San Bernardino County is bailing the Needles Unified School District out of a $2,025,764 financial crisis with what is anticipated to be two loans, provided in August and this month, in that amount.
Just as the 2025-2026 school year was to begin, on August 5, 2025, the San Bernardino County Board of Supervisors approved County Treasurer Ensen Mason making a $1,274,347 temporary transfer of funds to the Needles Unified School District, after certifying the district had a need for the monetary infusion as a result of a delay of property tax revenues, which apparently came about as a consequence of the inability of a substantial number of homeowners in the impoverished community being delinquent on paying their taxes.
The Needles Unified School District consists of five schools – Chemehuevi Valley Elementary School, Monument Peak School, Needles High School, Needles Middle School and Vista Colorado Elementary School. There are 918 students currently enrolled in schools in the district.
In the 2025, i.e., the 2024-25 school year, the most recent year for which financial figures are available, the district had a planned annual budget of $19,856,618 in revenues and $19,361,927 in expenditures.
In recent years, however, the district has had difficulty in meeting its financial goals.
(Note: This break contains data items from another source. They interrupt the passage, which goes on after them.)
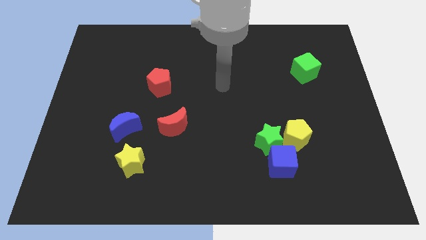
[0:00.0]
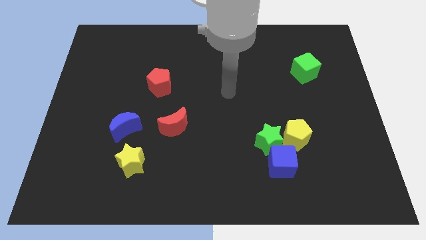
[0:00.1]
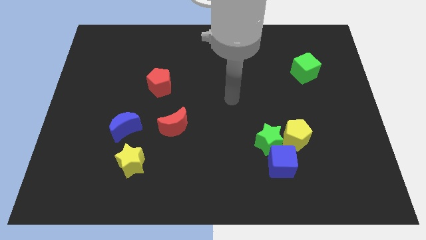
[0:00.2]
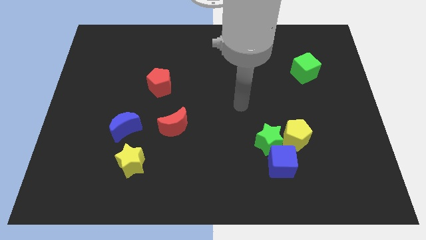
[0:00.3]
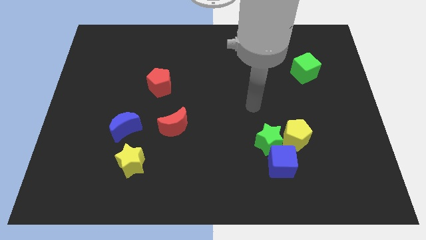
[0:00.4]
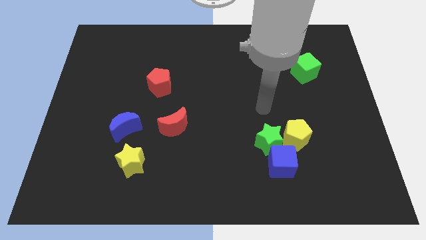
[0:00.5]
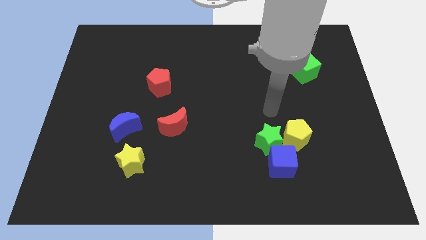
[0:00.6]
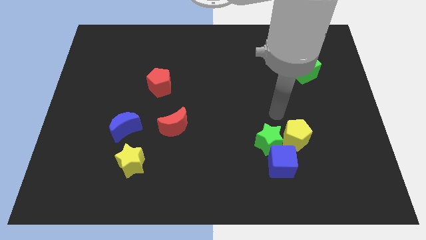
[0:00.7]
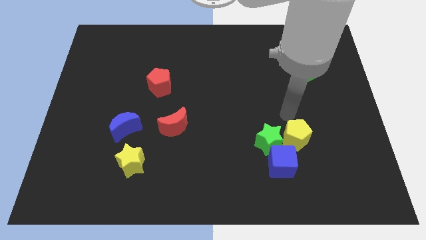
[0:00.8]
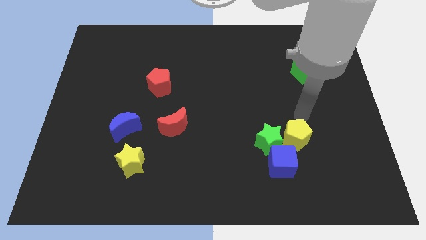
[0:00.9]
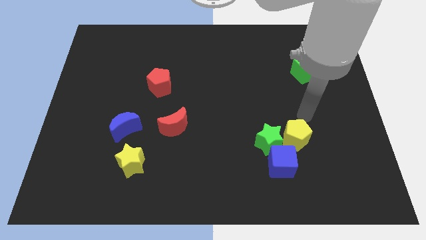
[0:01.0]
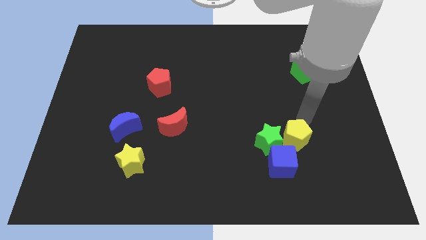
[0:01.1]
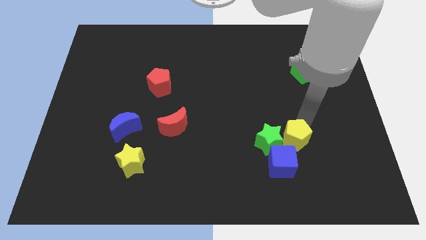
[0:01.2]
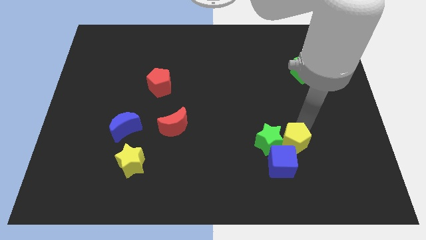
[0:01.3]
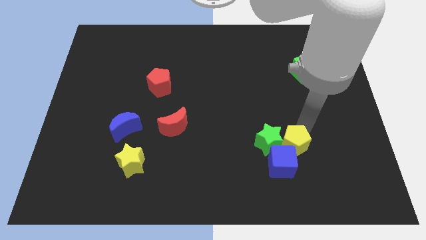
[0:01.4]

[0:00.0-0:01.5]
slide the yellow pentagon towards the blue cube

The $19,856,618 it was scheduled to receive in the 2024-25 budget consisted of $14,399,934 in state-provided Local Control Funding Formula (LCFF) money, $2,412,844 is other state funds, $911,600 in local funds, and $2,132,240 is federal funds. While the revenue was consistent with the budget, expenditures were not kept in line with what was allotted for most of the district’s educational and other program.
In 2023-24, for example, the district had budgeted $3,009,517 in expenditures for high needs students, while actual expenditures for high needs students turned out to be $3,139,198. Over the years, this deficit spending was defrayed by movement of money out of the district’s reserves.
It appears that as of 2025-26, the district’s reserves are depleted.
According to Mason, “Since that approval [the advance of the $1,274,347 in August], the district has experienced an additional and unanticipated financial shortfall due to the ongoing federal government shutdown. As a result, the district has not received expected federal Impact Aid payments, which are a critical source of operational funding. The district has submitted a request for an additional temporary transfer of funds in the amount of $751,417. The county auditor/treasurer and tax collector’s office considered multiple factors in evaluating the request, including the district’s revised cash flow projections, its deepest projected cash deficit, and anticipated property tax revenues. The requested temporary transfer of funds is intended to address temporary cash flow issues resulting from the delay in federal funding. In accordance with statutory guidelines, county auditor/treasurer and tax collector’s office recommends temporary transfers of funds in amounts that are the lesser of the district’s request, 85 percent of its anticipated property tax revenue, or 125 percent of its deepest projected cash deficit. Upon review, county auditor/treasurer and tax collector’s office finds that the district has demonstrated a continued reasonable need for temporary cash assistance and recommends approval of an additional temporary transfer of funds in the amount of $751,417. When combined with the previously approved $1,274,347, the total temporary transfer of funds amount available to the district for 2025-26 will be $2,025,764. The recommended amount remains within statutory limits and reflects approximately 84 percent of the district’s anticipated property tax revenue for 2025-26. The temporary transfer of funds will be made by increasing the existing ‘line-of-credit’ established for the district within the county’s financial management system. Temporary transfers of funds are repaid from property tax collections before these funds are used to satisfy any other district obligations. Repayment will begin with the first full property tax apportionment occurring after November 1, 2025, and must be completed no later than April 27, 2026.”